There are many different variations in skin sutures used, but there are always dissolvable sutures placed under the skin to hold the deeper tissue together. It sounds like one of the deeper ones may have worked its way to the surface, which is not uncommon. You may or may not see more of this happen. Usually, permanent sutures (the ones that need to be removed if they are on the external surface of your skin) are black or blue in color.
Stitches after mastopexy surgery
Although it is very likely that what you're experiencing is a stitch coming to the surface (“spitting”) it may behoove you to see your surgeon for examination and advice. This is especially true since every surgeon uses different techniques and sutures. For example some surgeons will use dissolvable and some will use permanent sutures.
Having said that, the tiny hole you are describing is often seen after a stitch comes to the surface. This area tends to heal within weeks.

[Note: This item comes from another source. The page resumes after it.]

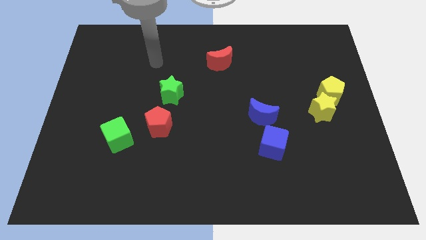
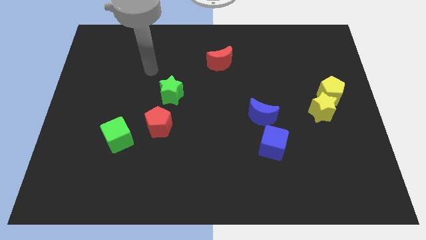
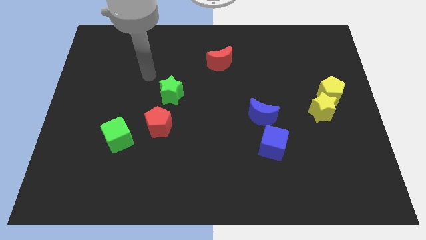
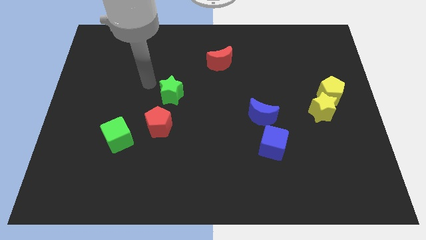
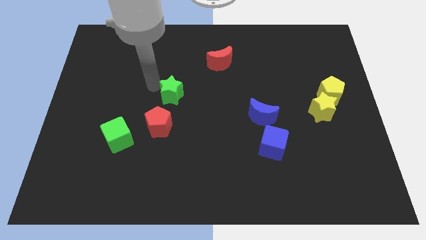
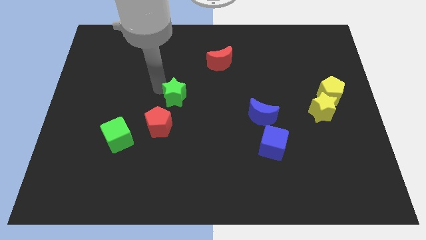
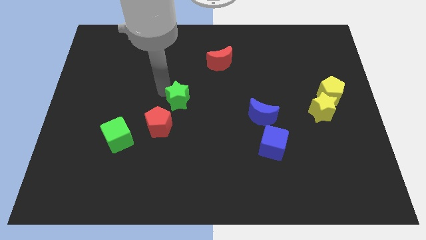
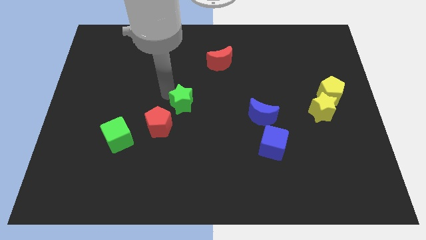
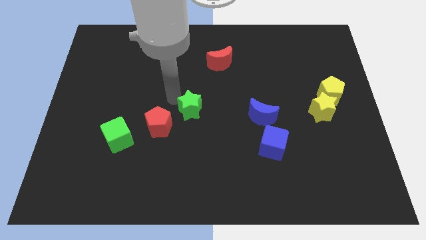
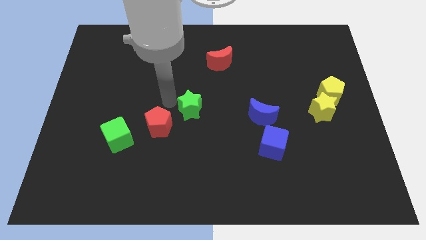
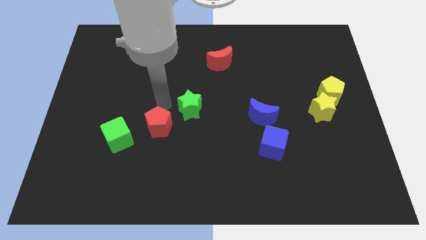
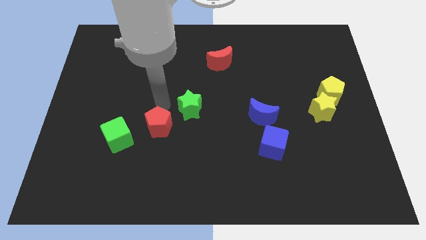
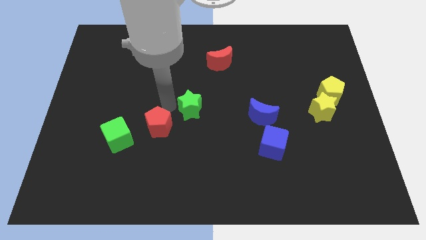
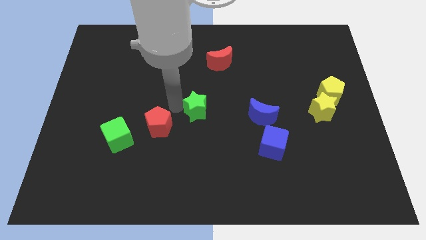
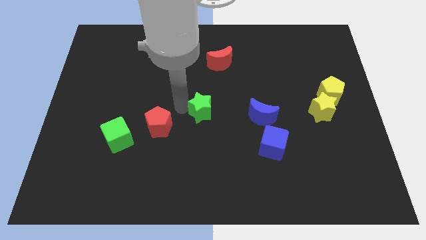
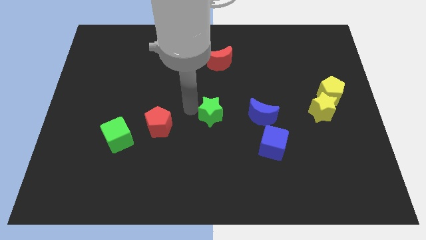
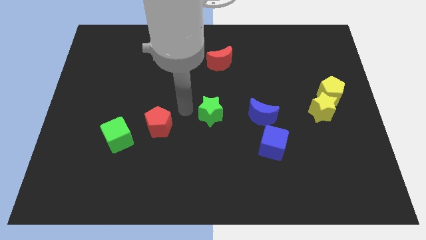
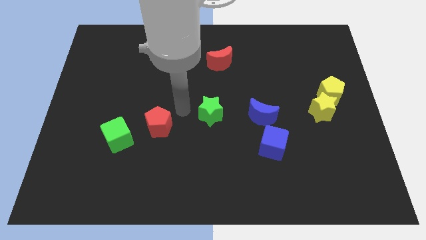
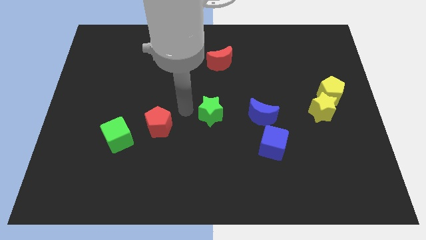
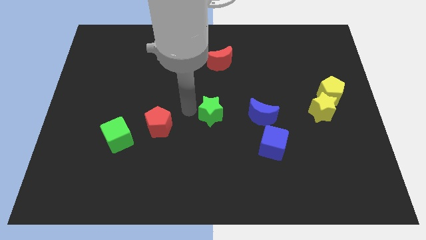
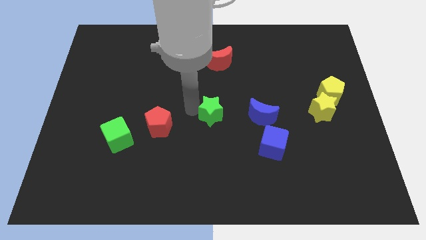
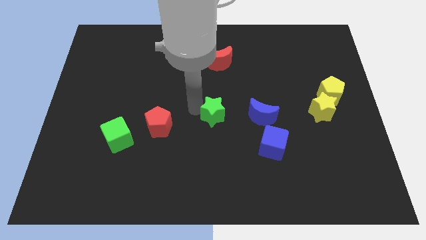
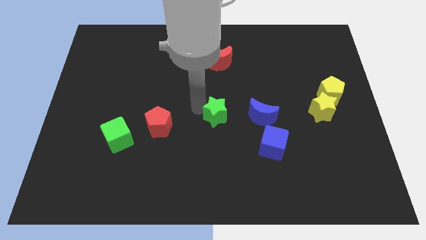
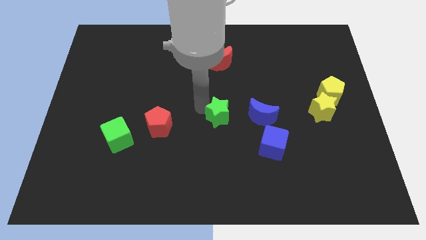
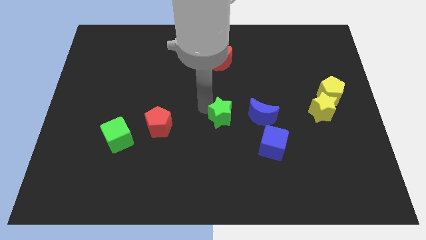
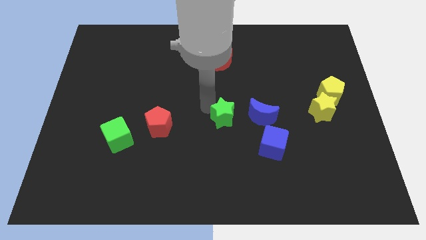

Recovery of Breast Augmentation and Lift
Sutures after breast augmentation and lift
I like to do a circumareolar lift any time it is appropriate. There is one permanent purse string stitch (that is white) and can rarely extrude through the skin. If this happens, it almost always has to be taken out and a new suture inserted. Otherwise all of the sutures are absorbable and are under the skin so they can't be seen. I suspect that if you have an orange suture that is visible it most likely is a permanent suture and will likely need to be removed and replaced.
Sutures with Breast Lift
Breast lift incisions are closed differently by different surgeons. In my practice I use almost all 'self-locking' sutures that are all under the skin so nothing needs to be removed. Sometimes, depending on the type of lift done, I may use a deep permanent stitch (stays forever and is never removed.) What you describe sounds like sutures under your skin that are 'spitting' through the skin temorarily leaving tiny openings. These are sutures that should have disolved on their own but, if they 'poke through' then, in my practice, I'll remove them to lessen the risk of infection and scarring issues.